> **What you are asked to do**
Give the data again exactly, without its images.

> **Data records**
- Opening Delimiter -

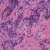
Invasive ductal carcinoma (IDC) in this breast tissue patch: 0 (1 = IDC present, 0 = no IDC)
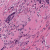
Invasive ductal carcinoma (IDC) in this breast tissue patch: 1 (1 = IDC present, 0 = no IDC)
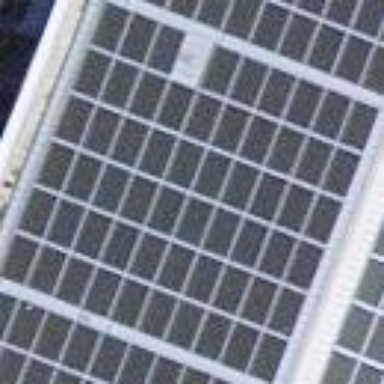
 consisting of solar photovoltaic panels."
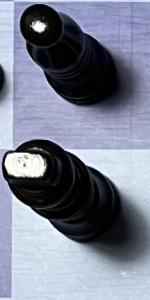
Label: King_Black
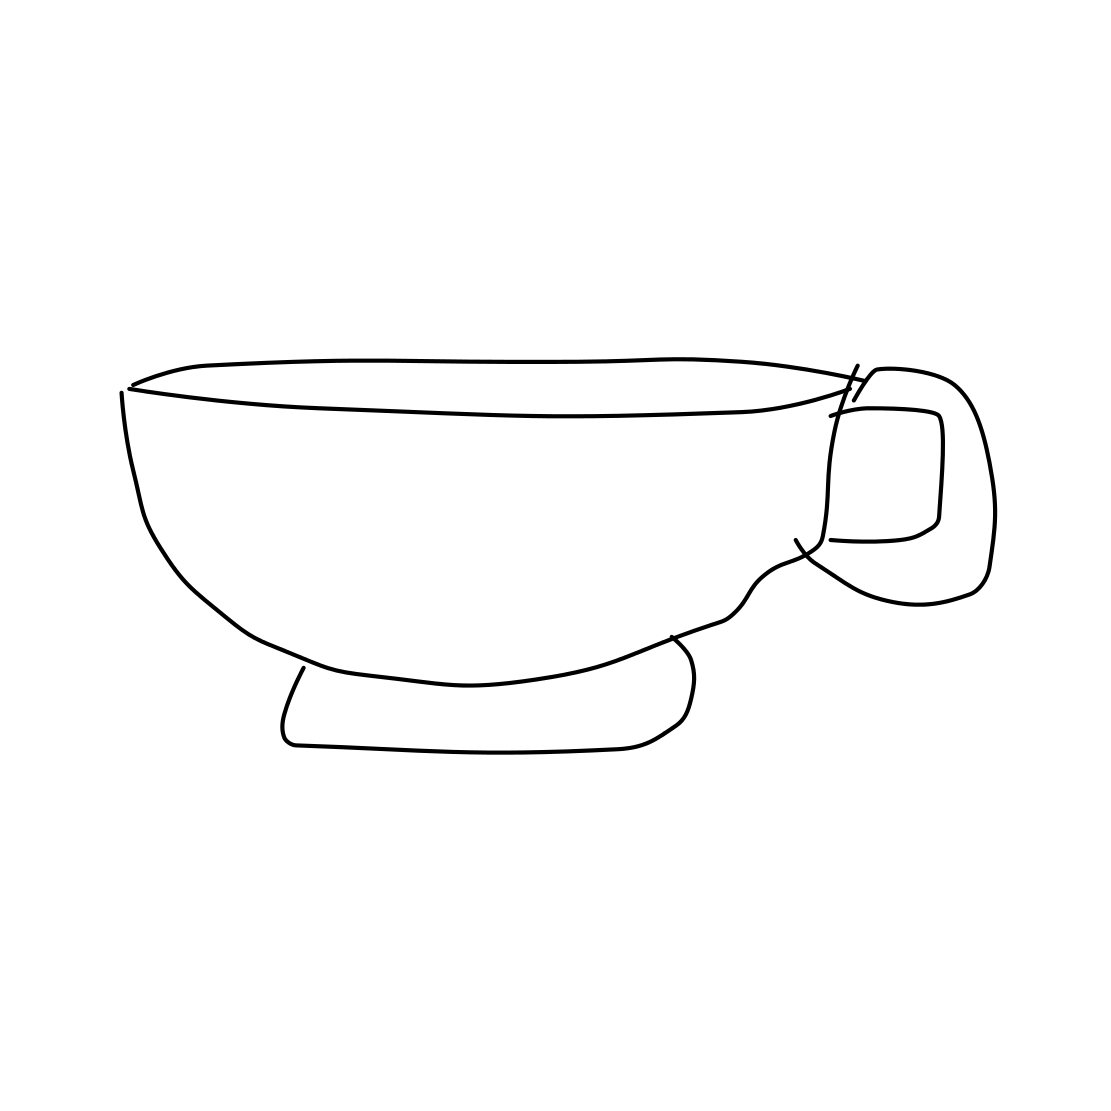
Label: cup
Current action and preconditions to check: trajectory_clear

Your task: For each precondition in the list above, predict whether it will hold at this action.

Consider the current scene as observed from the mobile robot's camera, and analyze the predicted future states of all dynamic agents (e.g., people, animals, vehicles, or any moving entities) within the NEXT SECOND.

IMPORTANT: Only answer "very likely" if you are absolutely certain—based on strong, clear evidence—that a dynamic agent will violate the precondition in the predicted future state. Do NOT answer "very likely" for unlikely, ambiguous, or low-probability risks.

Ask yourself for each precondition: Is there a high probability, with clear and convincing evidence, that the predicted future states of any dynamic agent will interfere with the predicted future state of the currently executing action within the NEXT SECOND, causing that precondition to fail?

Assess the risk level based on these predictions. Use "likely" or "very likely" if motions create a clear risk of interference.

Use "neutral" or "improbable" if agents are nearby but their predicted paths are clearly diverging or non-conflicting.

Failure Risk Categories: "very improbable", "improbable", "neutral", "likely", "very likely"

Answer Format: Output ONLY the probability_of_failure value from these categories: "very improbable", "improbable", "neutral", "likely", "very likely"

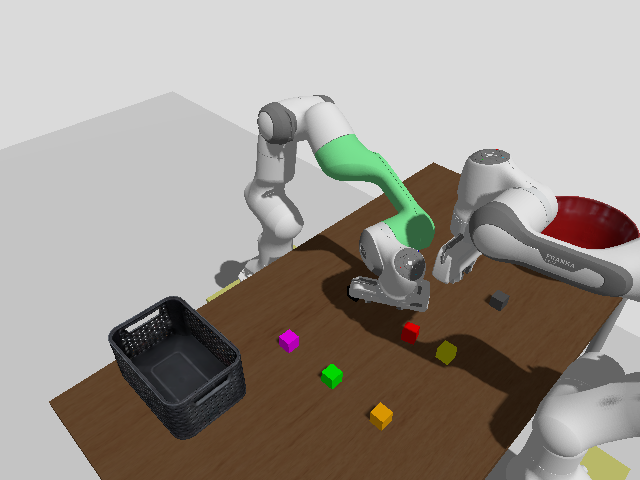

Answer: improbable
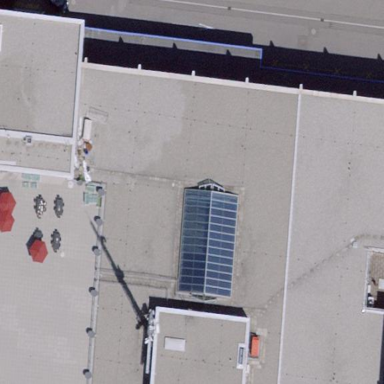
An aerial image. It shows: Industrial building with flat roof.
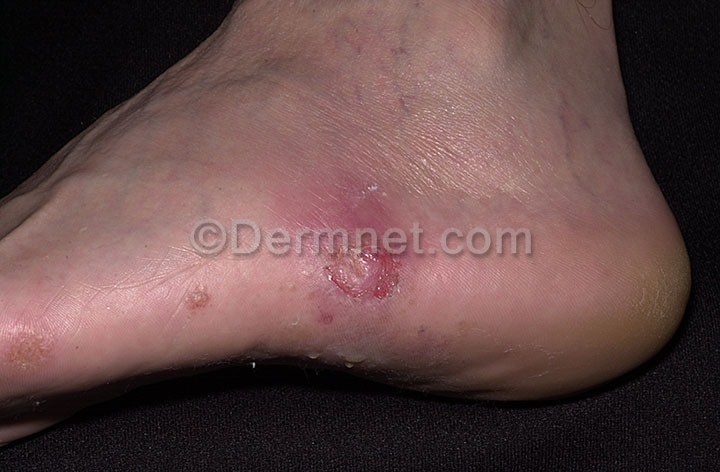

- Closing Delimiter -

> **Exercise solution**
Invasive ductal carcinoma (IDC) in this breast tissue patch: 0 (1 = IDC present, 0 = no IDC)
Invasive ductal carcinoma (IDC) in this breast tissue patch: 1 (1 = IDC present, 0 = no IDC)
 consisting of solar photovoltaic panels."
Label: King_Black
Label: cup
Current action and preconditions to check: trajectory_clear

Your task: For each precondition in the list above, predict whether it will hold at this action.

Consider the current scene as observed from the mobile robot's camera, and analyze the predicted future states of all dynamic agents (e.g., people, animals, vehicles, or any moving entities) within the NEXT SECOND.

IMPORTANT: Only answer "very likely" if you are absolutely certain—based on strong, clear evidence—that a dynamic agent will violate the precondition in the predicted future state. Do NOT answer "very likely" for unlikely, ambiguous, or low-probability risks.

Ask yourself for each precondition: Is there a high probability, with clear and convincing evidence, that the predicted future states of any dynamic agent will interfere with the predicted future state of the currently executing action within the NEXT SECOND, causing that precondition to fail?

Assess the risk level based on these predictions. Use "likely" or "very likely" if motions create a clear risk of interference.

Use "neutral" or "improbable" if agents are nearby but their predicted paths are clearly diverging or non-conflicting.

Failure Risk Categories: "very improbable", "improbable", "neutral", "likely", "very likely"

Answer Format: Output ONLY the probability_of_failure value from these categories: "very improbable", "improbable", "neutral", "likely", "very likely"


Answer: improbable
An aerial image. It shows: Industrial building with flat roof.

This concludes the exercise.